# Data shown
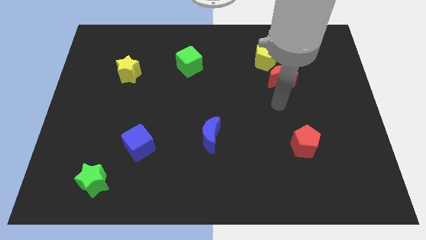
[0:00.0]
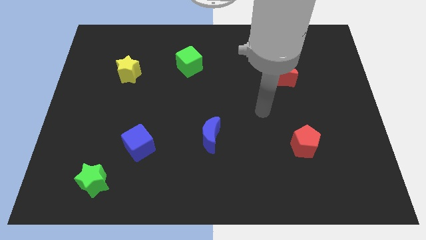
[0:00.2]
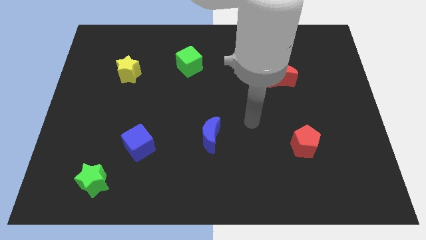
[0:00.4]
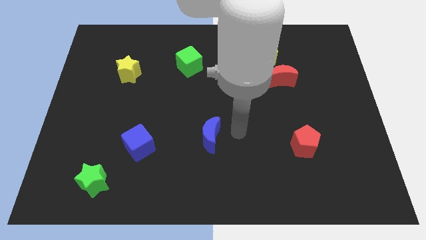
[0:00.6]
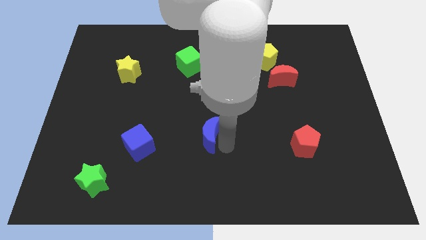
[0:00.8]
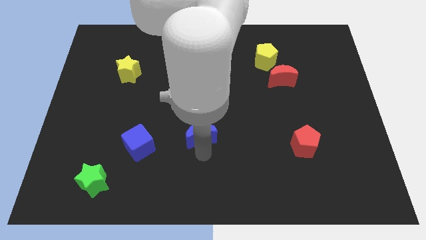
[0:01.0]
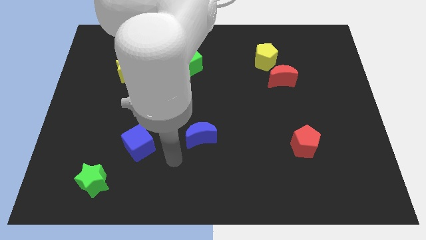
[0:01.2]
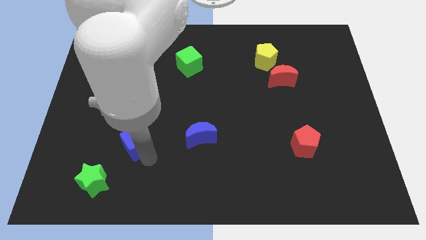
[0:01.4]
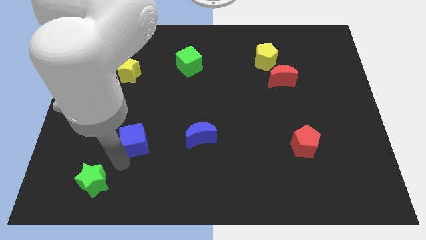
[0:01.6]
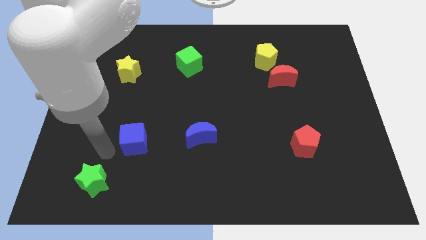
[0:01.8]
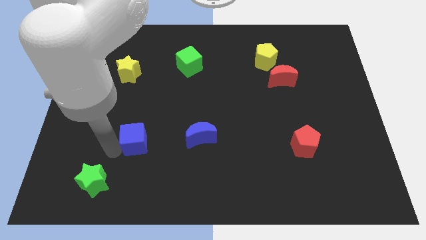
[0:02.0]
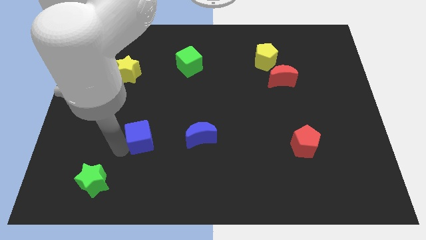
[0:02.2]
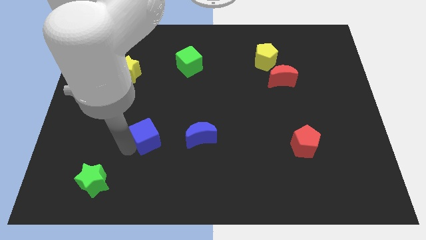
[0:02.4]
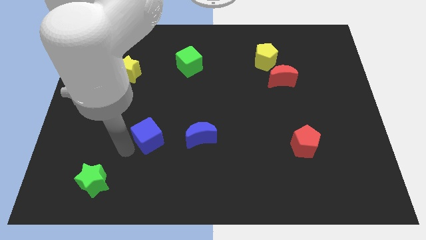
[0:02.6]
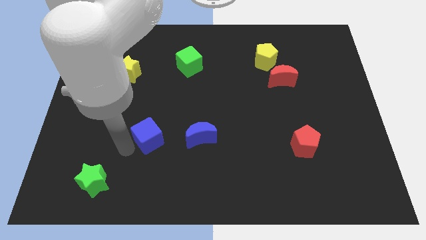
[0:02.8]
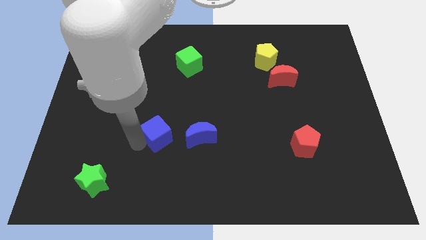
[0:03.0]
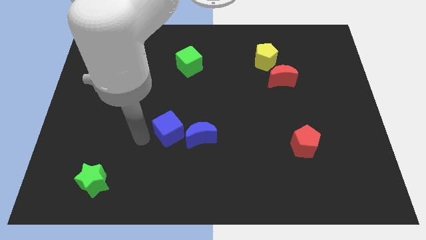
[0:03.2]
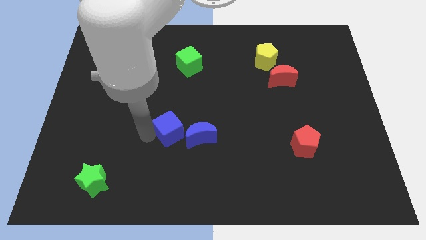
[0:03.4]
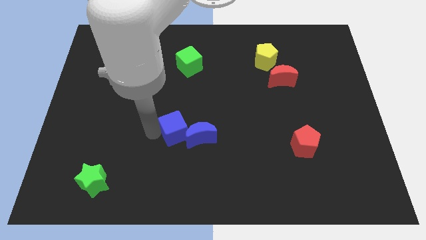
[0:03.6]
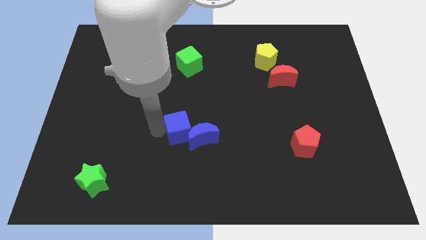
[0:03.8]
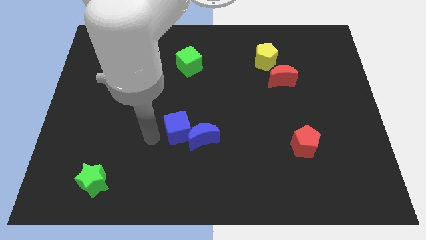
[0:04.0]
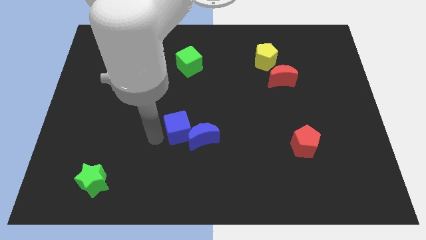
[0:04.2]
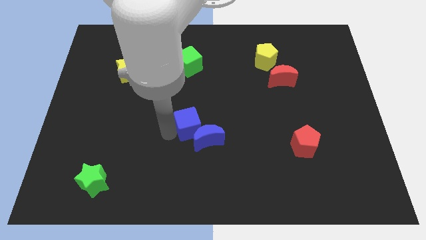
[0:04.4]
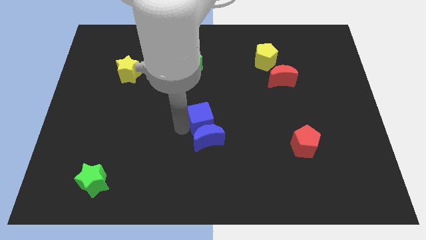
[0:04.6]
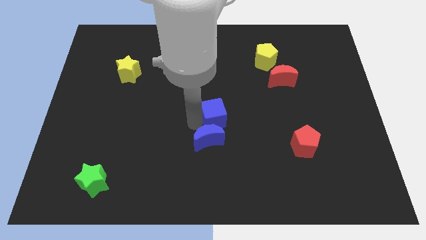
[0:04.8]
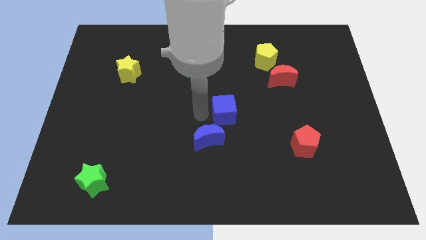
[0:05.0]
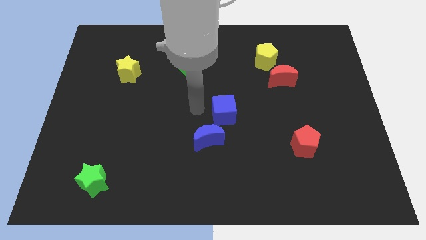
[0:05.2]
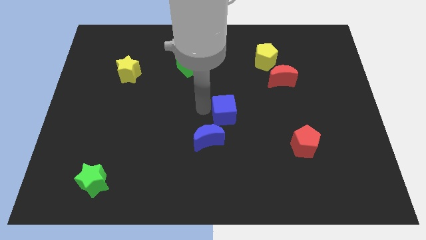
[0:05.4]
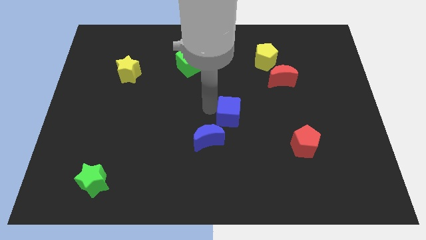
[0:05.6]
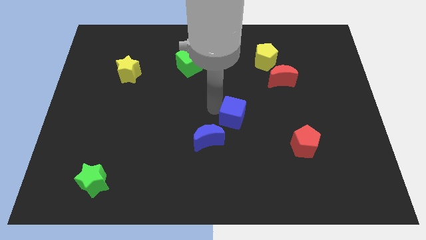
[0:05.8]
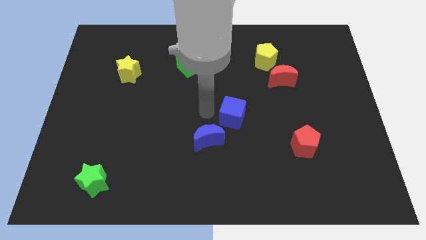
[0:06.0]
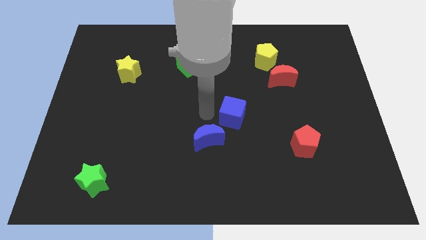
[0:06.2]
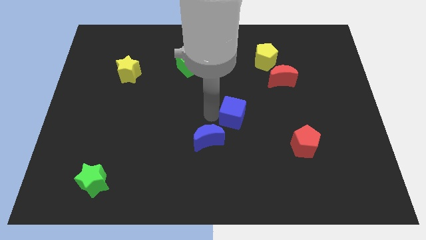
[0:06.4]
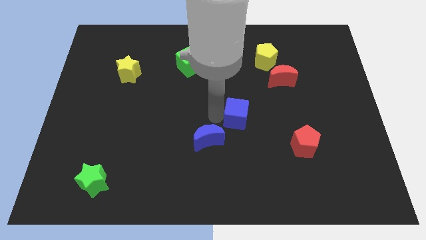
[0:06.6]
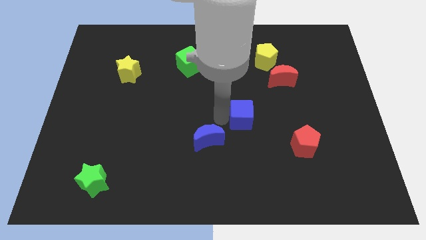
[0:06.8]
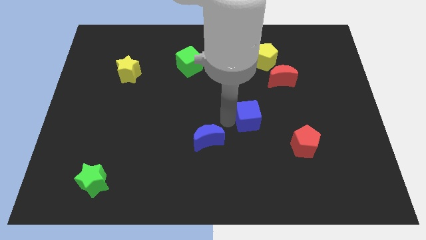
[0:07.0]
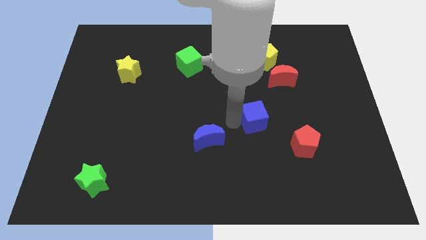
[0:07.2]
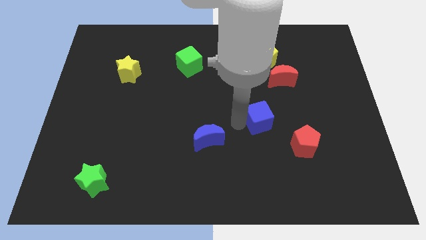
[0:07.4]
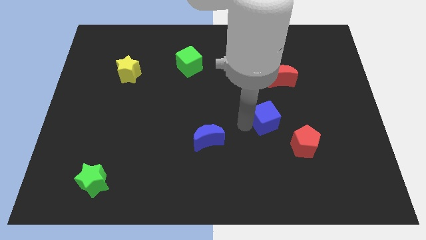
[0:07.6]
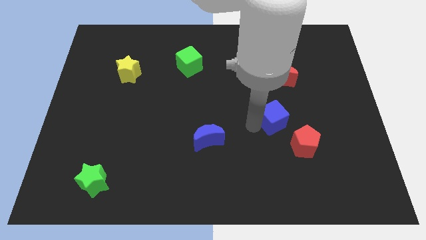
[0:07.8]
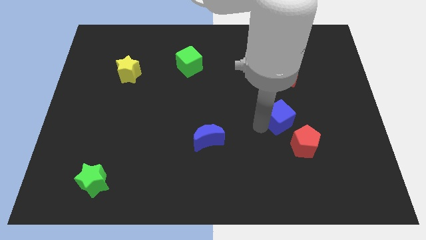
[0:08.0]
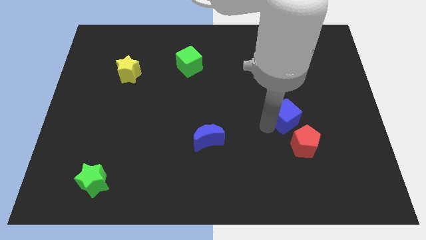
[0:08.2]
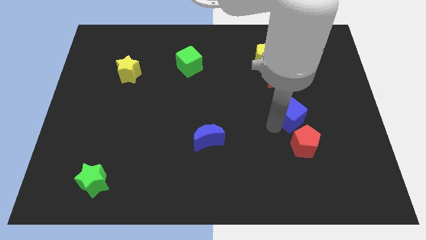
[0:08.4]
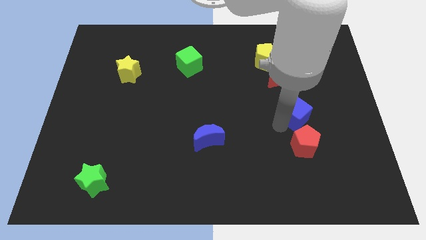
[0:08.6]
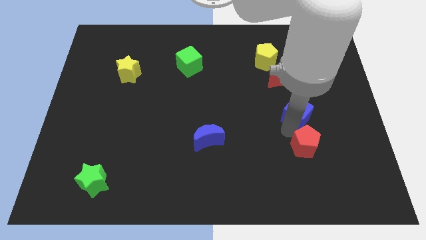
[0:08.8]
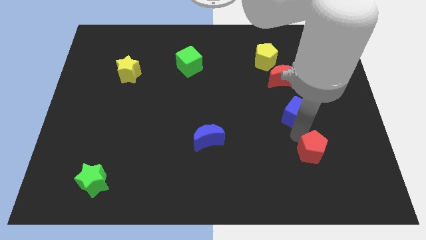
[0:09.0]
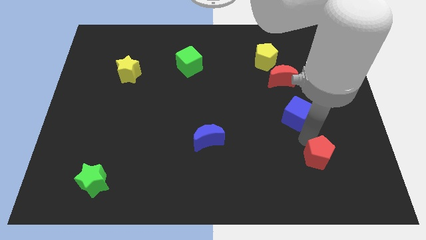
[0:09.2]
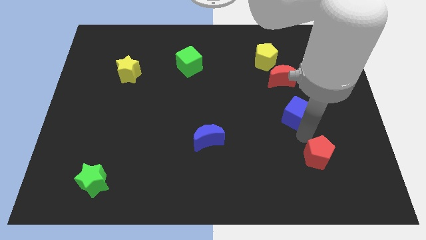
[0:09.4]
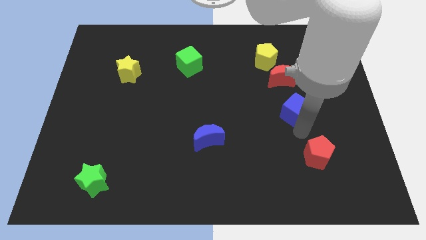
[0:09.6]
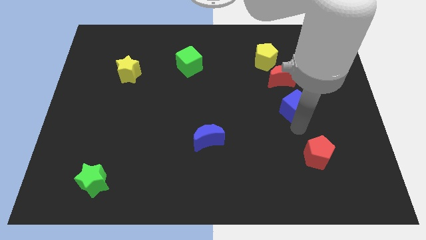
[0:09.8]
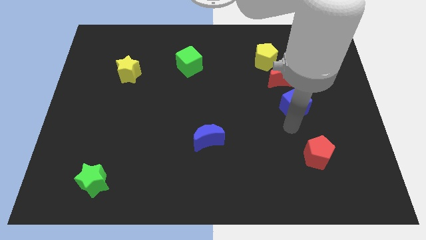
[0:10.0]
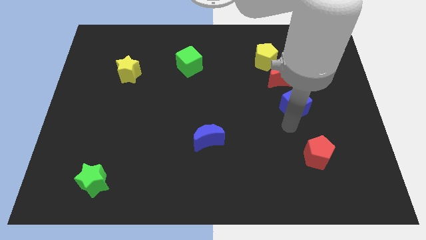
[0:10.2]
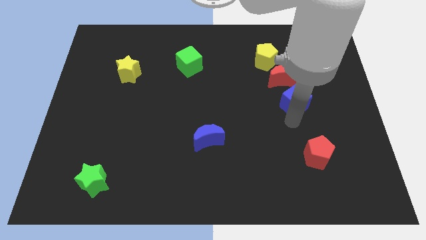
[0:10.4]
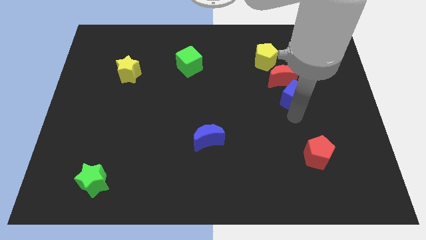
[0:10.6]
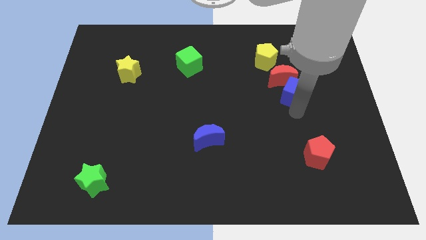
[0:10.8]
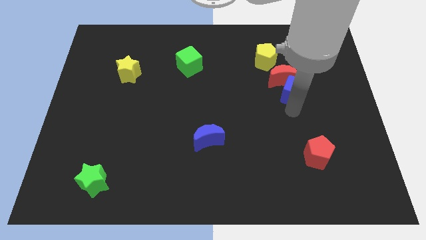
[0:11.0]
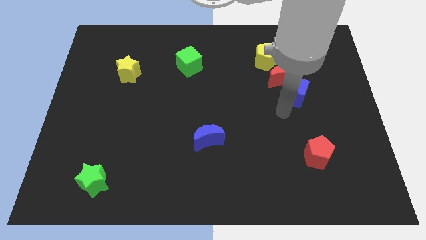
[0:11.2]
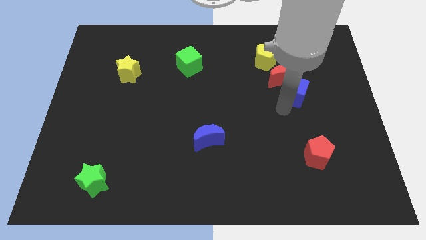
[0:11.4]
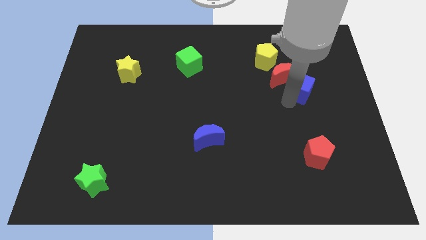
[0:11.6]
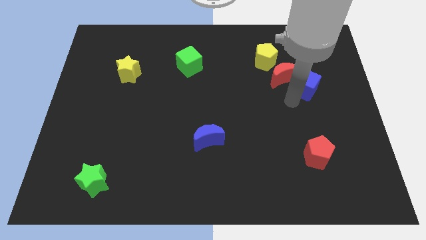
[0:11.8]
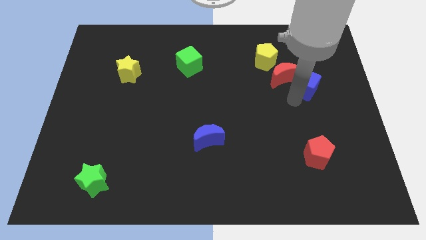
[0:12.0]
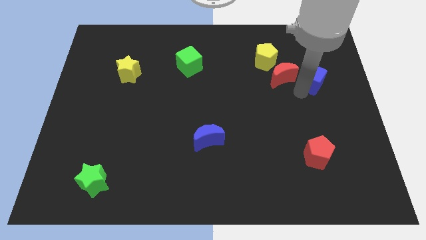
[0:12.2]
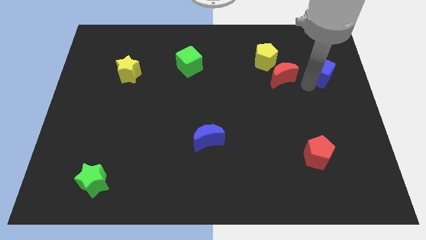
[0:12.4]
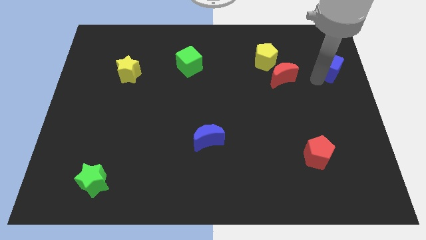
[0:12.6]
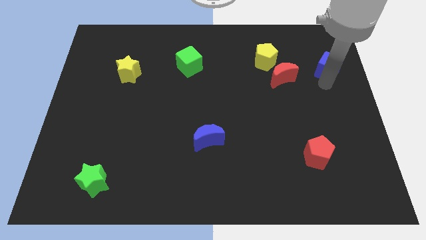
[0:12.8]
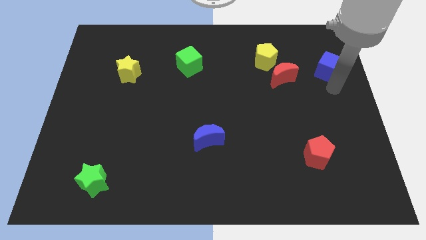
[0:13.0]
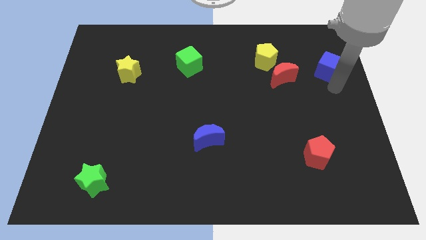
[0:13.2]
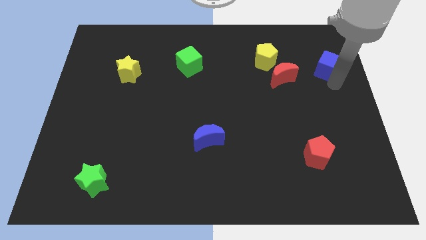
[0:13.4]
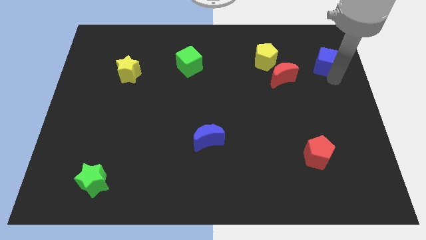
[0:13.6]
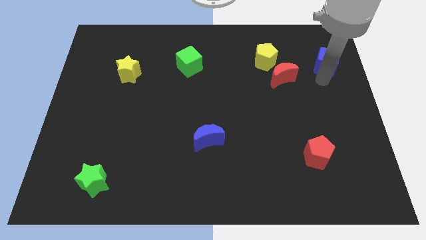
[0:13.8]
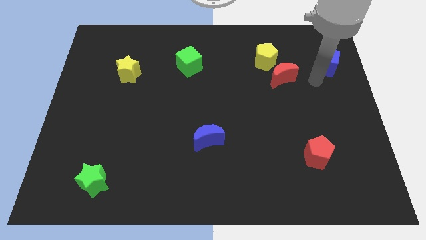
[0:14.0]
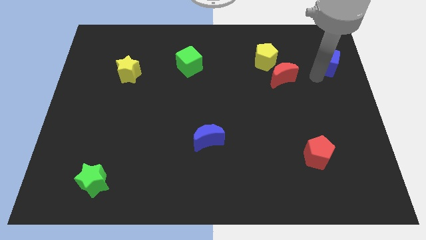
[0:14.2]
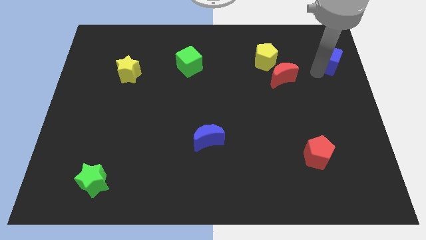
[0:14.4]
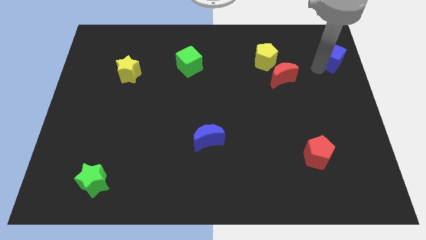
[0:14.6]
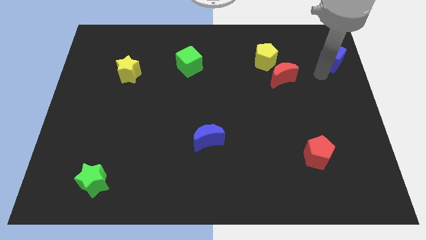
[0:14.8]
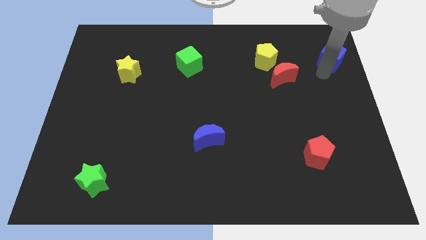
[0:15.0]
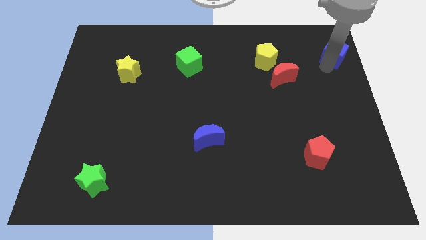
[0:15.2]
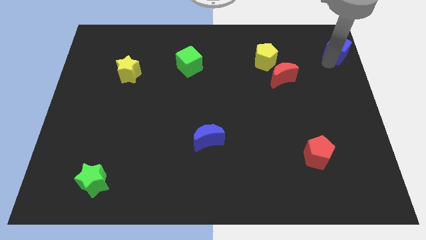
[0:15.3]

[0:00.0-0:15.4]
slide the blue cube to the top right of the board

# Work order
Print the material again, unchanged, without its pictures.

# Your response
[0:00.0]
[0:00.2]
[0:00.4]
[0:00.6]
[0:00.8]
[0:01.0]
[0:01.2]
[0:01.4]
[0:01.6]
[0:01.8]
[0:02.0]
[0:02.2]
[0:02.4]
[0:02.6]
[0:02.8]
[0:03.0]
[0:03.2]
[0:03.4]
[0:03.6]
[0:03.8]
[0:04.0]
[0:04.2]
[0:04.4]
[0:04.6]
[0:04.8]
[0:05.0]
[0:05.2]
[0:05.4]
[0:05.6]
[0:05.8]
[0:06.0]
[0:06.2]
[0:06.4]
[0:06.6]
[0:06.8]
[0:07.0]
[0:07.2]
[0:07.4]
[0:07.6]
[0:07.8]
[0:08.0]
[0:08.2]
[0:08.4]
[0:08.6]
[0:08.8]
[0:09.0]
[0:09.2]
[0:09.4]
[0:09.6]
[0:09.8]
[0:10.0]
[0:10.2]
[0:10.4]
[0:10.6]
[0:10.8]
[0:11.0]
[0:11.2]
[0:11.4]
[0:11.6]
[0:11.8]
[0:12.0]
[0:12.2]
[0:12.4]
[0:12.6]
[0:12.8]
[0:13.0]
[0:13.2]
[0:13.4]
[0:13.6]
[0:13.8]
[0:14.0]
[0:14.2]
[0:14.4]
[0:14.6]
[0:14.8]
[0:15.0]
[0:15.2]
[0:15.3]

[0:00.0-0:15.4]
slide the blue cube to the top right of the board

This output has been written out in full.